GS115 Pichia cells were prepared according to the manufacture's instructions. The electroporating pulse was performed at 2.0 kV, 25 µF and 200 Ω using an Electro Cell Manipulator 600 (BTX, San Diego, CA, USA). Follow-up procedures were performed according to the manual of Pichia Expression System. The supernatants from the protein-expressing Pichia cells were collected by centrifugation at 4 °C at 10 000 g for 10 min and were analyzed for Hsp70L1–Her2341–456 or Her2341–456 expression using sodium dodecyl sulfate–polyacrylamide gel electrophoresis. The separated proteins were purified using phenyl-sepharose HP chromatography and SourceQ anion exchange chromatography (GE Healthcare Bio-Sciences China, Shanghai, China). The purified recombinant human Hsp70L1 protein (Hsp70L1) was obtained as described previously.7 The purity of the recombinant Hsp70L1–Her2341–456 fusion protein (Hsp70L1–Her2341–456) and of the Her2341–456 protein was more than 95% as indicated by silver-stained sodium dodecyl sulfate–polyacrylamide gel electrophoresis analysis. LPS contamination was less than 0.1 EU/µg protein as determined with the Limulus amebocyte lysate assay (BioWhittaker, Walkersville, MD, USA).

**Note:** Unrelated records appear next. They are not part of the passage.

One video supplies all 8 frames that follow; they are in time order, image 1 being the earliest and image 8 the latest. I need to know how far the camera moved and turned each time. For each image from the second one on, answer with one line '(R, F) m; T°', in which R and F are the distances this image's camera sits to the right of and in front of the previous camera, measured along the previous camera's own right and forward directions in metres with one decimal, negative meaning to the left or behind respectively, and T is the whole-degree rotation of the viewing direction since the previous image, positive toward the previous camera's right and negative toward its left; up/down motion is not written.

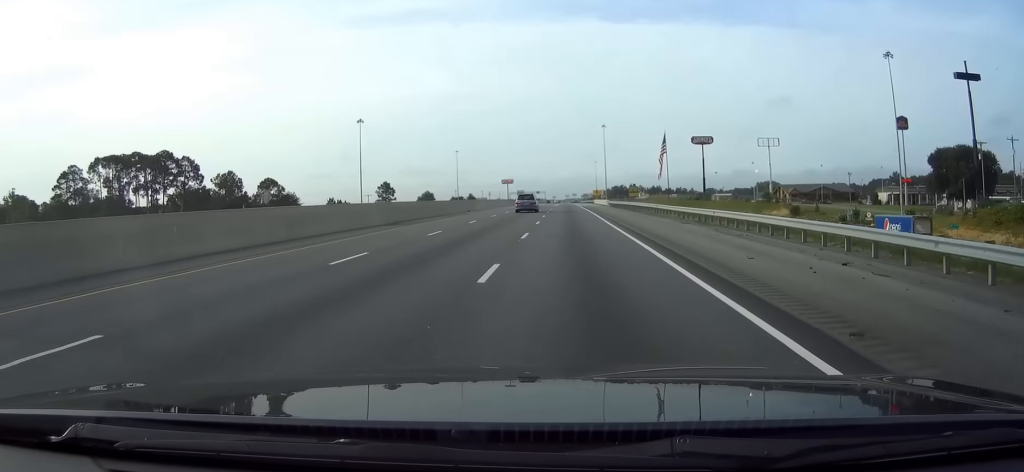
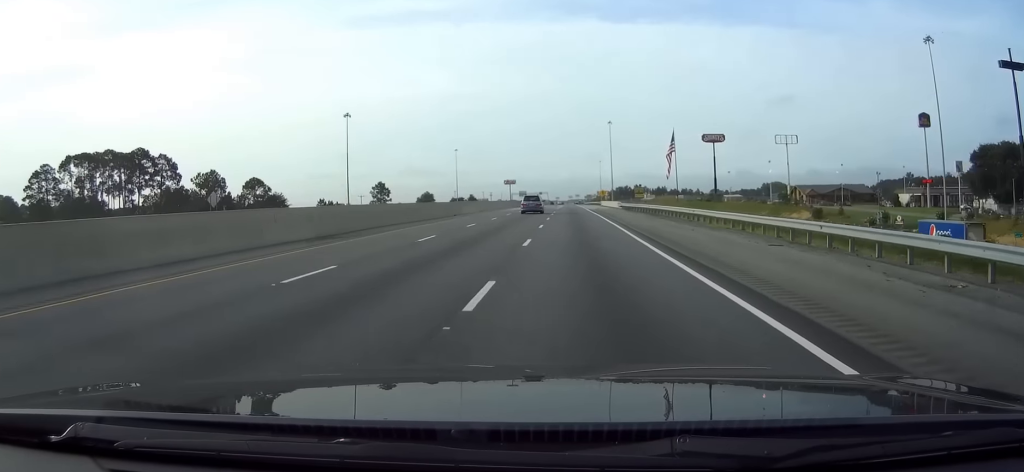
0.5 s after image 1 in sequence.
(-0.1, +14.9) m; 0°
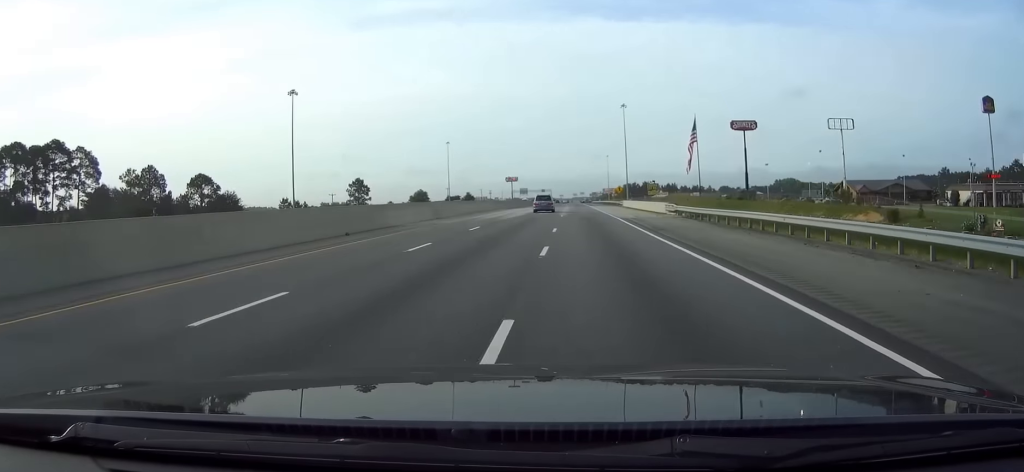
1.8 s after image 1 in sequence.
(0.0, +39.7) m; 0°
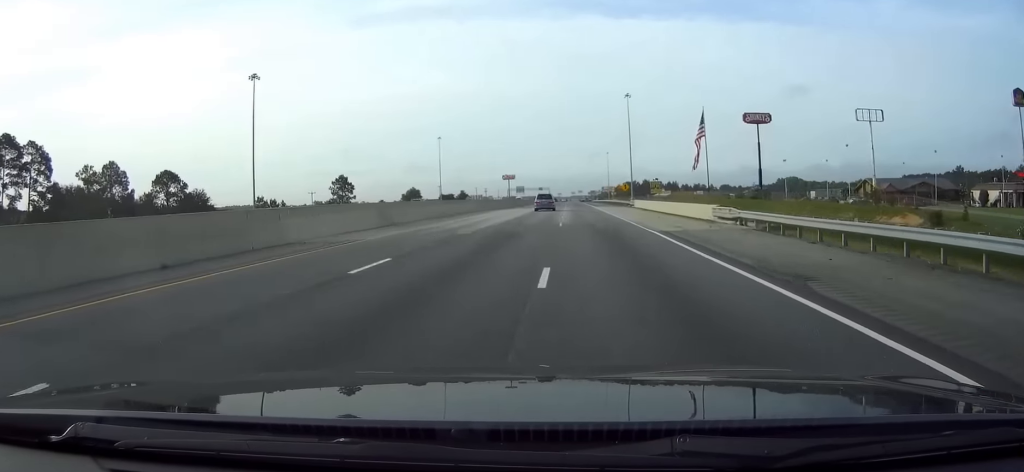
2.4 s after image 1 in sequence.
(-0.2, +17.9) m; 0°
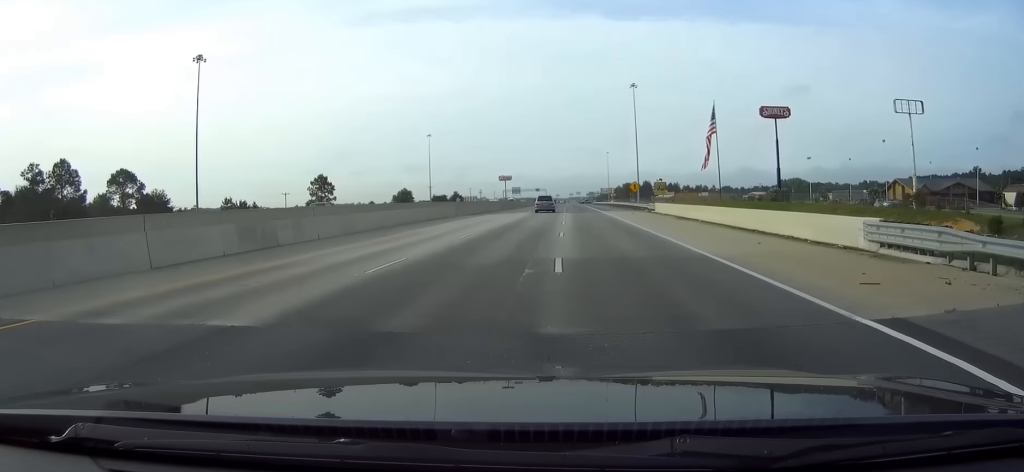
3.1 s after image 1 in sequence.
(+0.2, +19.8) m; 0°
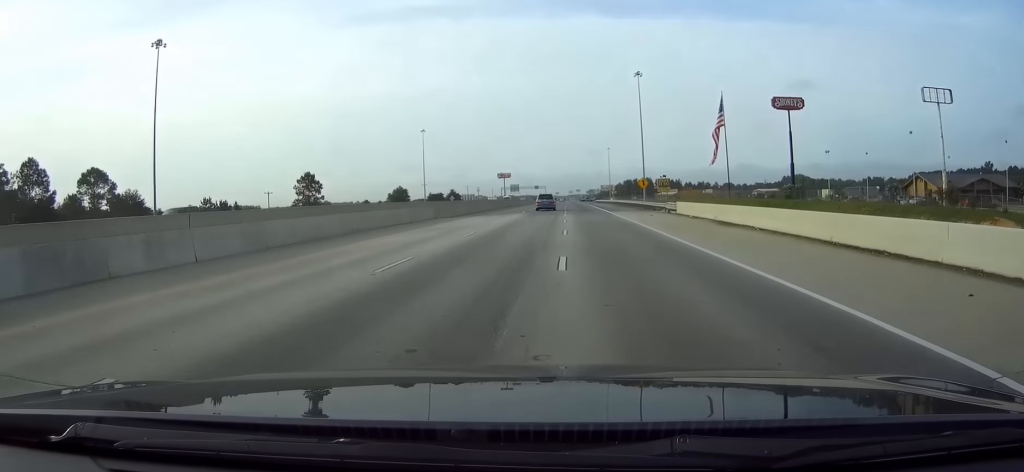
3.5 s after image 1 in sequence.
(0.0, +11.9) m; 0°
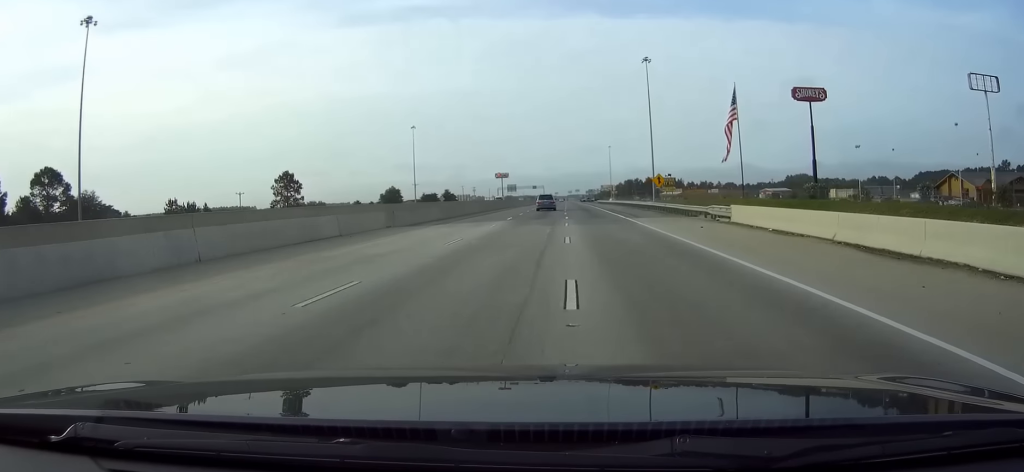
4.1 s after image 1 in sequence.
(0.0, +16.9) m; 0°
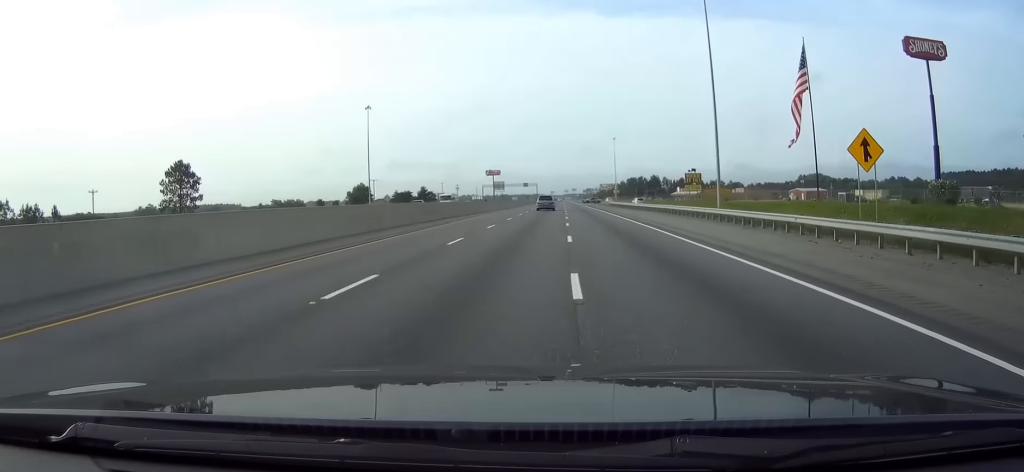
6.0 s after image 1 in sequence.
(-0.1, +59.0) m; 0°

Her2-E75 and CAP-1 (CEA605–613, YLSGANLNL, an HLA-A2.1-restricted CTL epitope derived from CEA) peptides were synthesized at GL Biochem, Ltd (Shanghai, China) and were determined to be >95% purity using reverse phase HPLC and the purity was confirmed using mass spectrometry.

Generation of human DCs

Peripheral blood mononuclear cells were isolated from healthy donors by Ficoll/Hypaque (Sigma, St Louis, MO, USA) density gradient centrifugation. Human peripheral blood monocyte-derived DCs were generated as described previously.27

Cytokine and chemokine production assays

Human DCs were cultured for 5 days and adjusted to a final concentration of 3×105 cells/ml in 24-well plates, after which 7.5 µg/ml of either Hsp70L1–Her2341–456, Hsp70L1, Her2341–456 or phosphate-buffered saline (PBS) was added. Supernatants from designated wells were harvested after 2, 12, 24, 48 and 72 h for quantification of cytokines, such as IL-12p70 and TNF-α and chemokines, including MIP-1α, MIP-1β and RANTES using ELISA kits (R&D Systems, Minneapolis, MN, USA).

Flow cytometry analysis

After 5 days of culture, human DCs were stimulated with 7.5 µg/ml Hsp70L1–Her2341–456, Hsp70L1 or Her2341–456 for 48 h. After this, the DCs were collected, washed with PBS and stained with phycoerythrin (PE)-conjugated anti-CD80, anti-CD83, anti-CD86 or fluorescein isothiocyanate-conjugated anti-HLA-DR monoclonal antibody (PharMingen, San Diego, CA, USA) for analysis using a FACSCalibur flow cytometer (Becton Dickinson, Mountain View, CA, USA) and CellQuest software (Becton Dickinson).

Generation of human CTLs and isolation of CD8+ T cells

DCs cultured for 5 days were harvested, stimulated with 7.5 µg/ml Hsp70L1–Her2341–456, Hsp70L1 or Her2341–456 for 4 h and then washed twice in serum-free RPMI1640 medium. 2×106 PBLs and 2×105 protein-pulsed autologous DCs were cocultured in 1 ml RPMI1640 medium supplemented with 10% fetal calf serum in 24-well plates. The cells were restimulated with fresh protein-pulsed autologous DCs every 7 days either two or three times. On day 3 after the second stimulation, 20 IU/ml rhIL-2 (Sigma) was added. Half of the medium was removed every 3 days and replaced with fresh medium containing rhIL-2 (20 IU/ml, cells were and expanded as necessary. On day 7 after the final stimulation, cells were harvested, and CD8+ T lymphocytes were enriched by positive selection using immune beads (Miltenyi) following the manufacturer's recommended procedure, after which cytotoxicity was tested.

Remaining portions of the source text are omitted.